═══ Supplied material

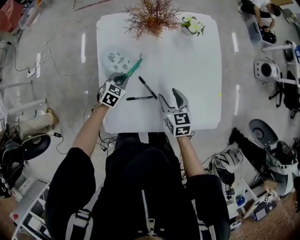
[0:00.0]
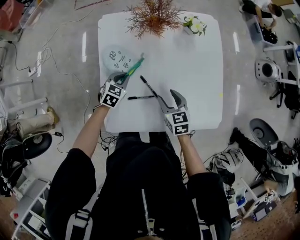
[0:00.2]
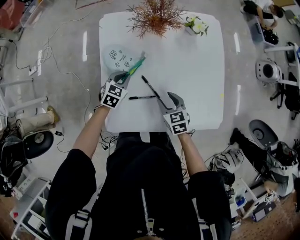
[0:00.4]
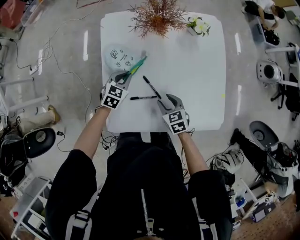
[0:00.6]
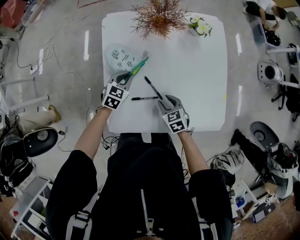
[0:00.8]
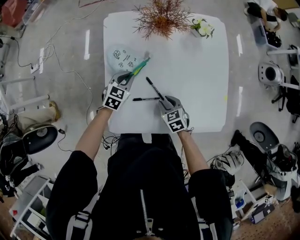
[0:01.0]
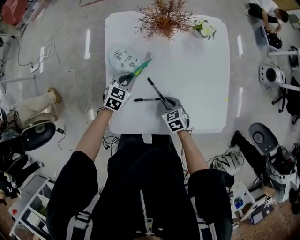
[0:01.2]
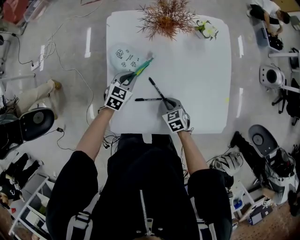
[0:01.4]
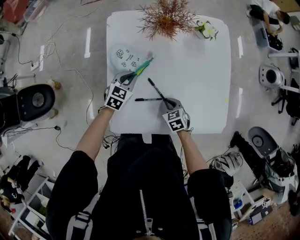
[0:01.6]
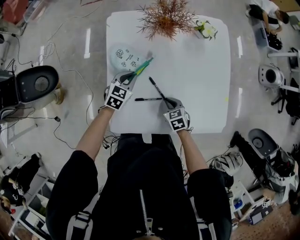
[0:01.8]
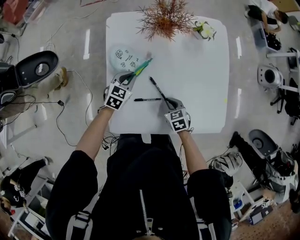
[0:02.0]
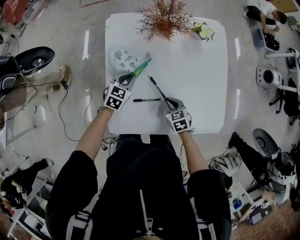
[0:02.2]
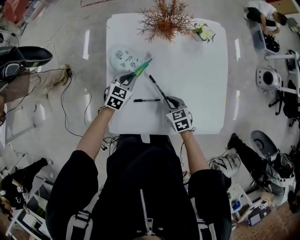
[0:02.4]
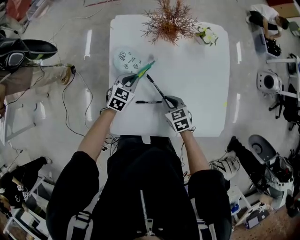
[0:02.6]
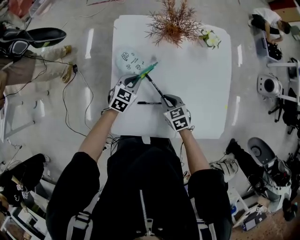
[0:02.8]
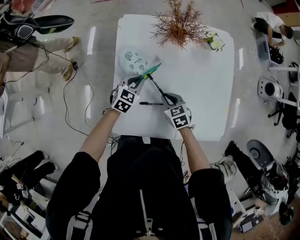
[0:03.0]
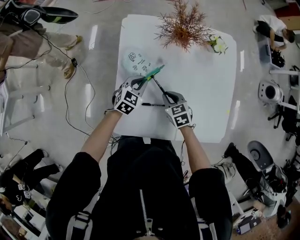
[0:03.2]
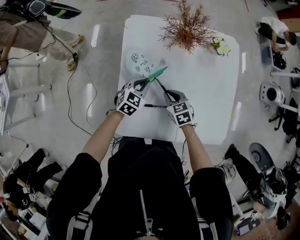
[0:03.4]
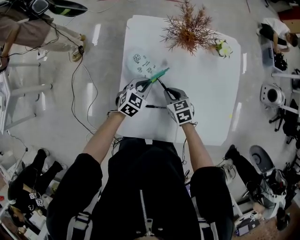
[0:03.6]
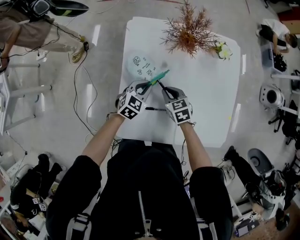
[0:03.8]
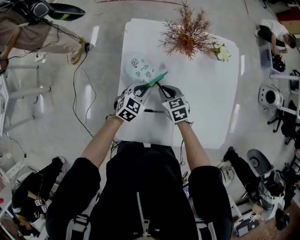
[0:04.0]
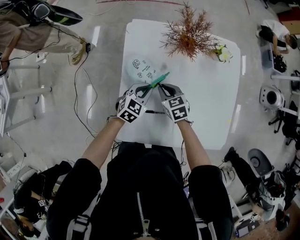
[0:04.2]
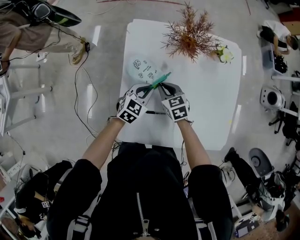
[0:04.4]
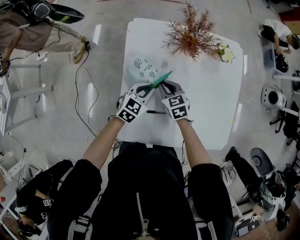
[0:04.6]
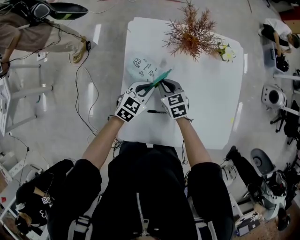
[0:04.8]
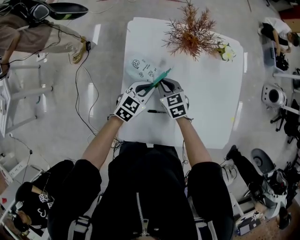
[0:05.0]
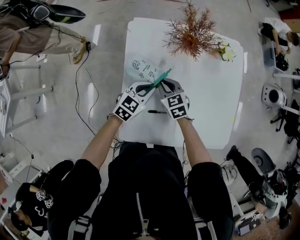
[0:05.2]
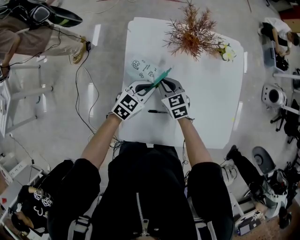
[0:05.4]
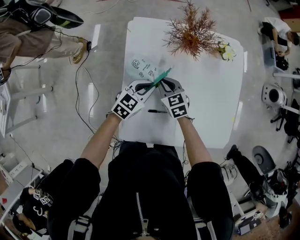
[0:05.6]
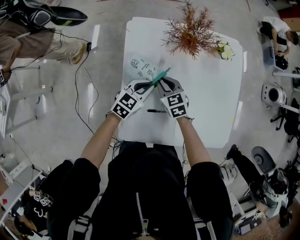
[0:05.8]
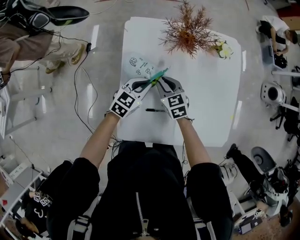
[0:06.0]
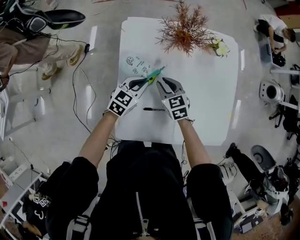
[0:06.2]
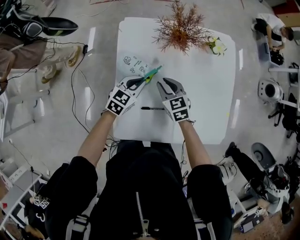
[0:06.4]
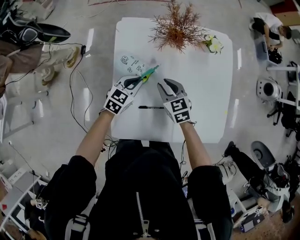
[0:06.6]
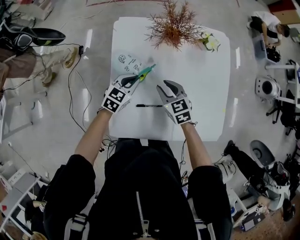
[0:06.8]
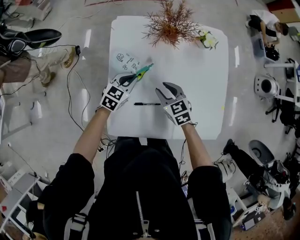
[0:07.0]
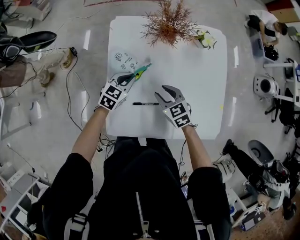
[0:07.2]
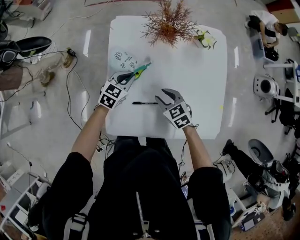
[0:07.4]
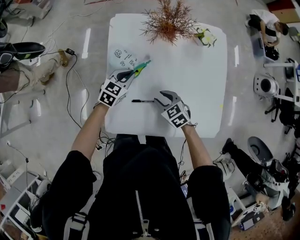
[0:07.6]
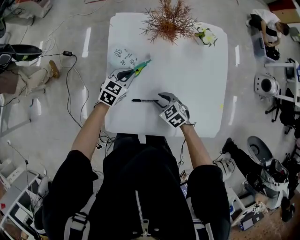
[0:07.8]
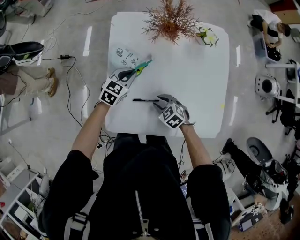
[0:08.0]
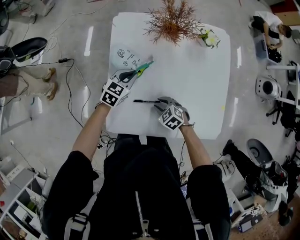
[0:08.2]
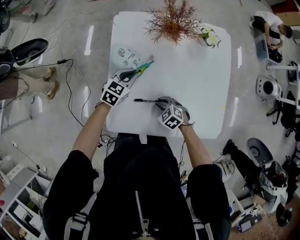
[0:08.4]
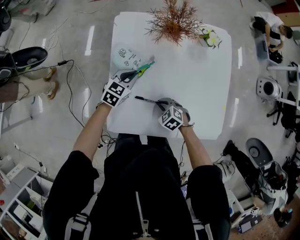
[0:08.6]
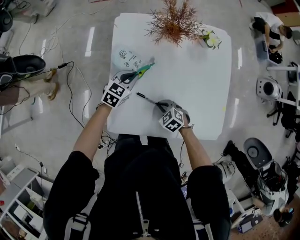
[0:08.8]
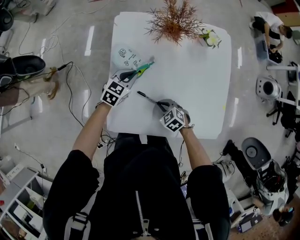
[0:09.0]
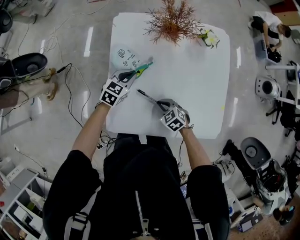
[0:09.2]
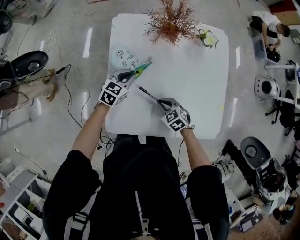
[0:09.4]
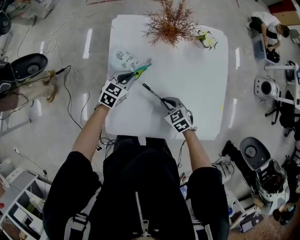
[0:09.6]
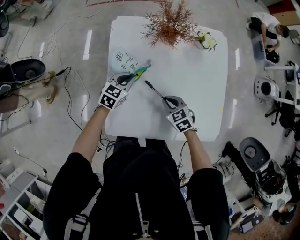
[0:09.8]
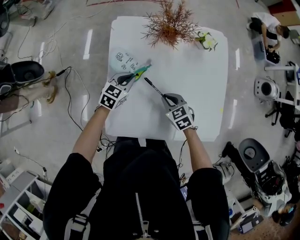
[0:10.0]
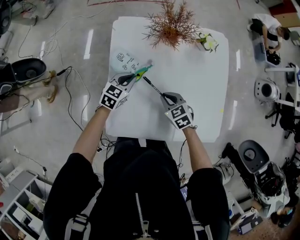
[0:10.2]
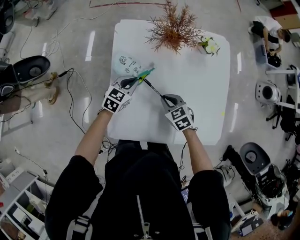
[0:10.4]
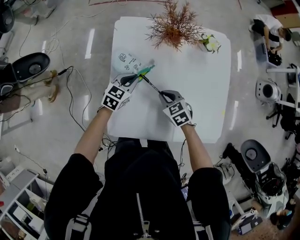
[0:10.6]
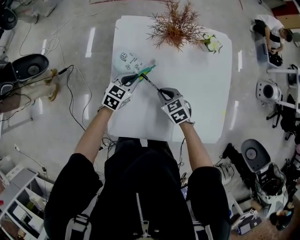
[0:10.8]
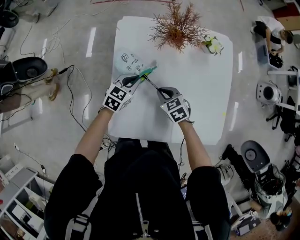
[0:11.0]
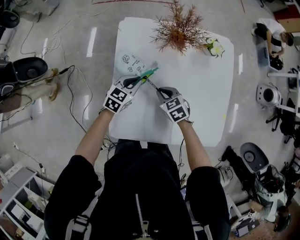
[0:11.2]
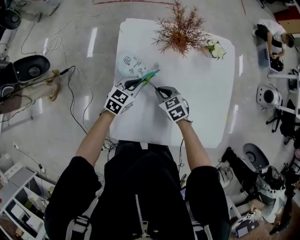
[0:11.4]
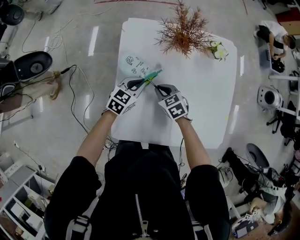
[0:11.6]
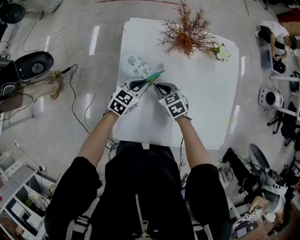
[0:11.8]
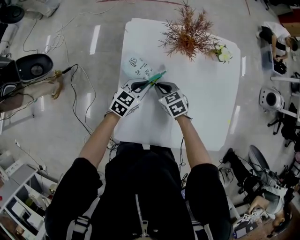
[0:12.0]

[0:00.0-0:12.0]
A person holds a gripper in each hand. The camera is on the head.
0:00.0 to 0:01.6: The right gripper travels downward by approximately 10 cm, swivels about 30 degrees, and closes its fingers.
0:01.6 to 0:03.0: The right gripper is displaced forward and upward by about 10 cm.
0:03.0 to 0:04.4: The right gripper travels forward and to the left by some 10 cm.
0:04.4 to 0:06.0: The grippers make only small movements.
0:06.0 to 0:07.6: The right gripper moves backward and to the right, approximately 15 cm.
0:07.6 to 0:09.0: The right gripper moves downward, approximately 5 cm, and closes its fingers.
0:09.0 to 0:10.4: The right gripper travels forward and upward by some 10 cm.
0:10.4 to 0:12.0: The right gripper shifts approximately 10 cm forward and to the left.

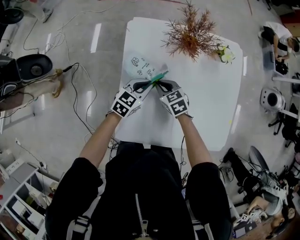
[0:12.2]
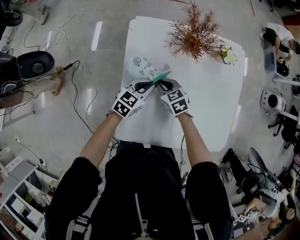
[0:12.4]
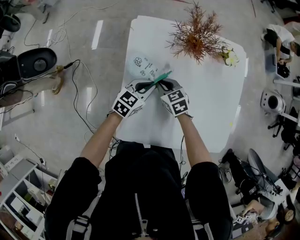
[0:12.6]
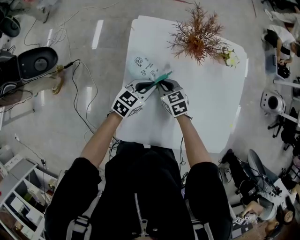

══════

— Exercise directions —
Word for word, print the material above, but without its pictures.

— Solution to this problem —
[0:00.0]
[0:00.2]
[0:00.4]
[0:00.6]
[0:00.8]
[0:01.0]
[0:01.2]
[0:01.4]
[0:01.6]
[0:01.8]
[0:02.0]
[0:02.2]
[0:02.4]
[0:02.6]
[0:02.8]
[0:03.0]
[0:03.2]
[0:03.4]
[0:03.6]
[0:03.8]
[0:04.0]
[0:04.2]
[0:04.4]
[0:04.6]
[0:04.8]
[0:05.0]
[0:05.2]
[0:05.4]
[0:05.6]
[0:05.8]
[0:06.0]
[0:06.2]
[0:06.4]
[0:06.6]
[0:06.8]
[0:07.0]
[0:07.2]
[0:07.4]
[0:07.6]
[0:07.8]
[0:08.0]
[0:08.2]
[0:08.4]
[0:08.6]
[0:08.8]
[0:09.0]
[0:09.2]
[0:09.4]
[0:09.6]
[0:09.8]
[0:10.0]
[0:10.2]
[0:10.4]
[0:10.6]
[0:10.8]
[0:11.0]
[0:11.2]
[0:11.4]
[0:11.6]
[0:11.8]
[0:12.0]

[0:00.0-0:12.0]
A person holds a gripper in each hand. The camera is on the head.
0:00.0 to 0:01.6: The right gripper travels downward by approximately 10 cm, swivels about 30 degrees, and closes its fingers.
0:01.6 to 0:03.0: The right gripper is displaced forward and upward by about 10 cm.
0:03.0 to 0:04.4: The right gripper travels forward and to the left by some 10 cm.
0:04.4 to 0:06.0: The grippers make only small movements.
0:06.0 to 0:07.6: The right gripper moves backward and to the right, approximately 15 cm.
0:07.6 to 0:09.0: The right gripper moves downward, approximately 5 cm, and closes its fingers.
0:09.0 to 0:10.4: The right gripper travels forward and upward by some 10 cm.
0:10.4 to 0:12.0: The right gripper shifts approximately 10 cm forward and to the left.

[0:12.2]
[0:12.4]
[0:12.6]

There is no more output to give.